Se il Purgatorio sia uguale per tutti ed eterno

Se il Purgatorio sia uguale per tutti ed eterno

Quesito

carissimo Padre Angelo,
Un altro dubbio che mi resta è questo: temo di non aver capito la durata di questa purificazione.
Lei mi ha scritto: "al momento del giudizio universale, cioè con la fine del mondo, verrà meno…" ed anche in Mt 25,31-46 si dice:"quando il Figlio dell’uomo verrà nella sua gloria con tutti i suoi angeli………….e se ne andranno questi al supplizio eterno e i giusti nella vita eterna."
Carissimo padre, mi scusi l’ignoranza ma non so cosa si intende per giudizio universale e fine del mondo.
E quindi non capisco: la permanenza in purgatorio ha la stessa durata per tutte le anime che vi si trovano?
Ma se tutte insieme andranno in Paradiso solo nel momento della fine del mondo e non prima, allora mi chiedo: le nostre preghiere e i nostri suffragi per loro non servono, come pensavo e speravo, a chiedere la grazia che vadano in paradiso il più presto possibile?!
La permanenza in purgatorio non dovrebbe essere rapportata ai peccati (più o meno gravi e numerosi per cui ci vuole più o meno tempo per purificarli)?
Lei mi ha scritto: "Non è detto che si entri subito in Paradiso. Normalmente c’è del purgatorio da fare", vuol dire che a seconda dei casi bisogna farne di più o di meno, no?
Preziosissimo Padre Angelo, grazie in anticipo e veramente di cuore.
Daniela


Risposta del sacerdote

Carissima Daniela,
1. Sì, il Purgatorio è di maggiore o minore durata a seconda della necessità dei singoli.
Diversamente i suffragi non servirebbero. Abbiamo molte testimonianze di Santi che hanno saputo dell’entrata in Paradiso, dopo un certo tempo in Purgatorio, di determinate persone.
San Girolamo non dubita di asserire che ad ogni Messa celebrata con devozione vengono liberate molte anime dal Purgatorio.

2. Il Purgatorio però non è eterno. È eterna solo la condizione del Paradiso e dell’Inferno.
Quando cesserà ad esistere il Purgatorio? La risposta è semplice: alla fine del mondo.
Come sappiamo dai testi sacri, la fine del mondo coincide con il ritorno di Cristo sulla terra, con la risurrezione dei morti e con il giudizio universale.
Il giudizio universale consiste nel rendere palese, davanti a tutti, la condizione e l’operato di ciascuno.
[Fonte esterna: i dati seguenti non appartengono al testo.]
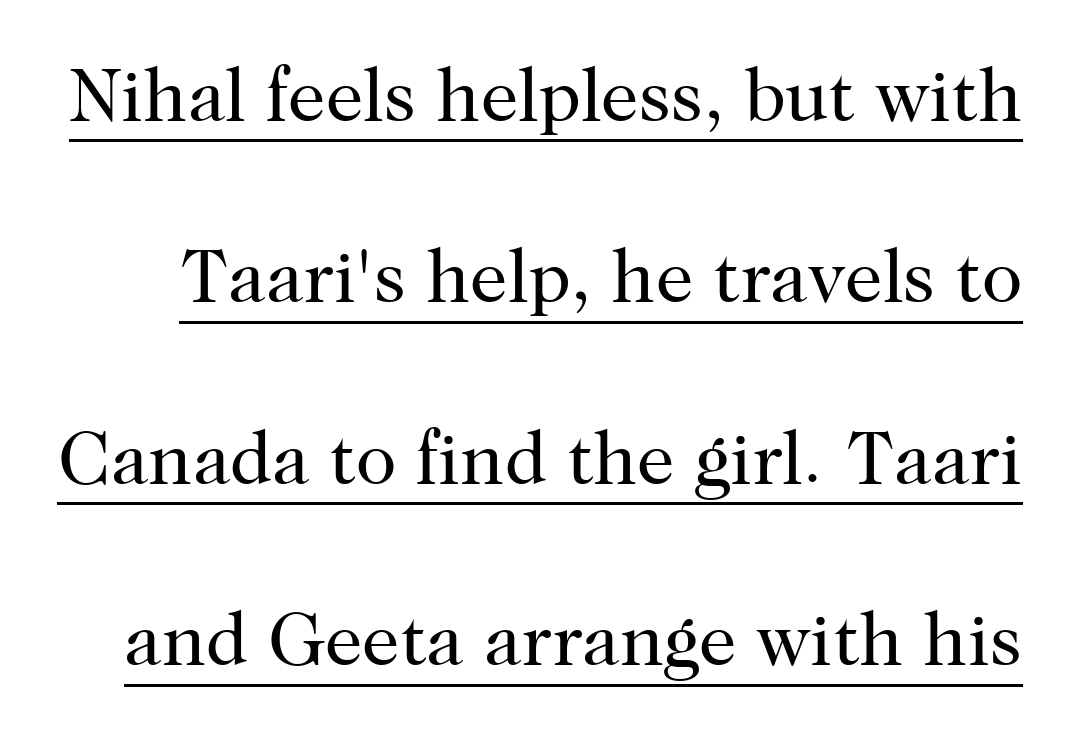
The image shows 75 px regular-weight serif type, upright; set loose line spacing (2.42x), normal letter spacing, underlined; high stroke contrast and a medium x-height.
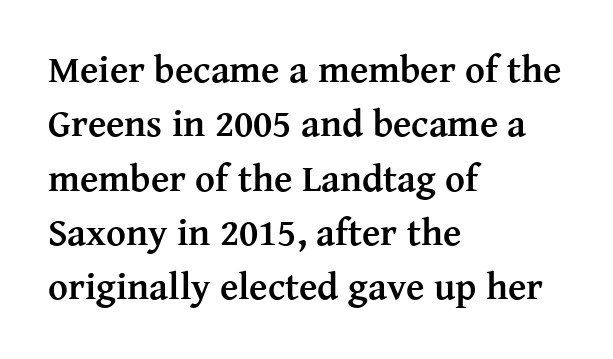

Carissima Daniela, ti ringrazio per le tante domande che fai con animo innocente, talvolta ignaro dei rudimenti essenziali della fede cristiana. Ma come te, oggi ce ne sono tantissimi, la maggior parte.
Non aver dunque timore della figura. Con le tue domande, fai un grande servizio a tutti.

Ti saluto, ti seguo con la preghiera e ti benedico.